El Comunero del Frente para la Victoria se refirió al mapa del delito y las nuevas propuestas elaboradas por el Ministerio de Seguridad de la Ciudad para afrontarlos. “Está muy bien tener monitoreados a los patrulleros, pero quiero ver qué resultado va dando”, opina.

Para Zicolillo el problema de atacar la inseguridad no está en definir a las comisarías como comunales. Considera necesario pensar en una ciudad más equitativa para que la inseguridad ceda y las cosas cambien, “hay pibes que hace tres generaciones que no ven a sus viejos laburando, es complicado sacarlos de esa situación”. Sostiene que el problema no se resuelve con más patrulleros y más policías, “se necesita tiempo, trabajo, cabeza y si te encontrás conque cada vez hay menos vacantes, menos lugares en los hospitales y más inequidad, la Ciudad va a ser cada vez más violenta”, asegura.

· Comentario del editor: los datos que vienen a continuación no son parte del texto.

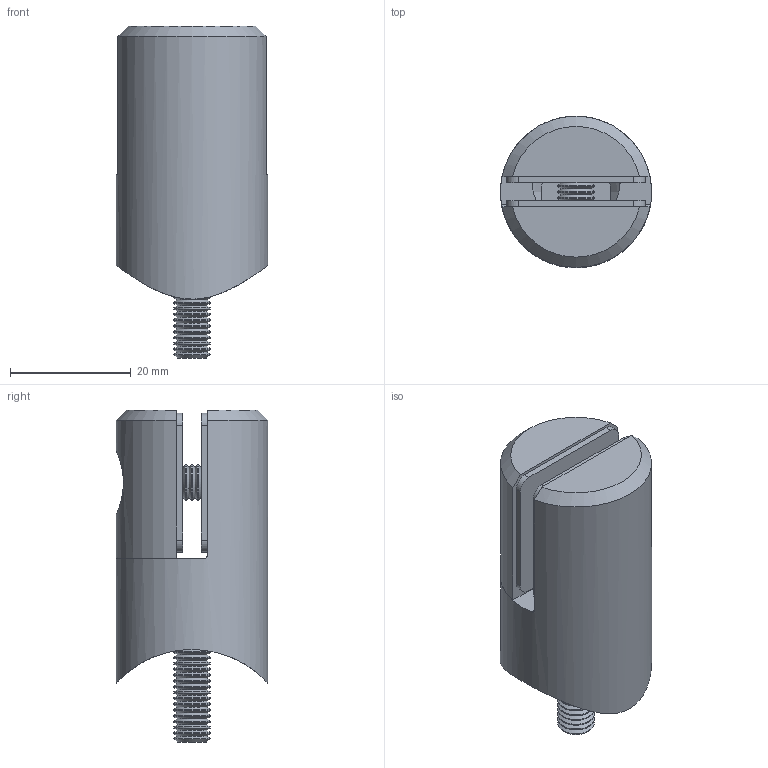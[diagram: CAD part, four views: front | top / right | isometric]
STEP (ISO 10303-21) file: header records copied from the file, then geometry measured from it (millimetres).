
FILE_DESCRIPTION (( 'STEP AP203' ), '1' );
FILE_NAME ('55335-240.step', '2021-11-26T07:27:01', ( '' ), ( '' ), 'SwSTEP 2.0', 'SolidWorks 2018', '' );
FILE_SCHEMA (( 'CONFIG_CONTROL_DESIGN' ));
Length unit declared in the file: millimetre
Products named in the file (13): 5533x-240 Teil3; socket countersunk head screw_din; 5533X-240 Teil2; socket head cap screw_din; socket countersunk head screw_din_DIN 7991 - M6 x 25 --- 25S; 55335-240; socket head cap screw_din_DIN 912 M6 x 12 --- 12S; 5533X-240 Teil1; 5533x-240 Teil3_5533x-240 Teil3; 5533X-240 Teil1_55335-240 Teil1; 5533X-240 Teil2_5533X-240 Teil2
Assembly tree (7 placements, depth 2):
  5533x-240 Teil3
  socket countersunk head screw_din
  5533x-240 Teil3
  5533X-240 Teil2
  socket head cap screw_din
Bounding box: 25 x 25 x 54.88 mm (x, y, z)
Volume: 15543.7 mm3; surface area: 10639.3 mm2
Topology: 6 solids, 6 shells, 716 faces, 1778 edges, 1107 vertices
Faces by surface type: plane 214, cylinder 187, bspline 147, cone 85, torus 83
Full cylindrical faces by diameter (mm): 4 x4, 5 x1, 6 x32, 6.5 x1, 7 x2, 7.1 x1, 10 x1, 10.5 x1, 11.57 x1, 14.6 x1, 18 x1, 25 x1
Entity records: 23855 total; most frequent: CARTESIAN_POINT 10888, ORIENTED_EDGE 2512, DIRECTION 2041, EDGE_CURVE 1256, VERTEX_POINT 853, AXIS2_PLACEMENT_3D 718, EDGE_LOOP 711, FACE_OUTER_BOUND 608

En cuanto a la venta ambulante, otro tema que considera conflictivo, dice que a medida que se fueron expandiendo los puestos en la zona de Once fue muy difícil para los vecinos circular por las veredas.

“¿Quien puede oponerse a ordenar el comercio?” se pregunta y reflexiona que cuando aplican la solución para resolver el problema se vuelve todo más complejo. Estima que en los galpones asignados ingresan menos de un tercio de las personas que circulaban cuando estaban en las veredas, y que esos galpones cuentan con unos tinglados a través de los cuales se filtra el agua cuando llueve y se les arruina la mercadería. También considera que hay muchas personas que les compran a los manteros en la calle porque no caminarían hasta los locales oficiales y que necesitan otros tipos de precios porque se les esta haciendo cuesta arriba.

Por último, sostiene que “la situación de esa gente es de extrema vulnerabilidad. Hay que resolver cómo se alimentan todos los días. Es ahí donde me encuentro con un gobierno con una profunda insensibilidad, con corazón de piedra”, dice conmovido.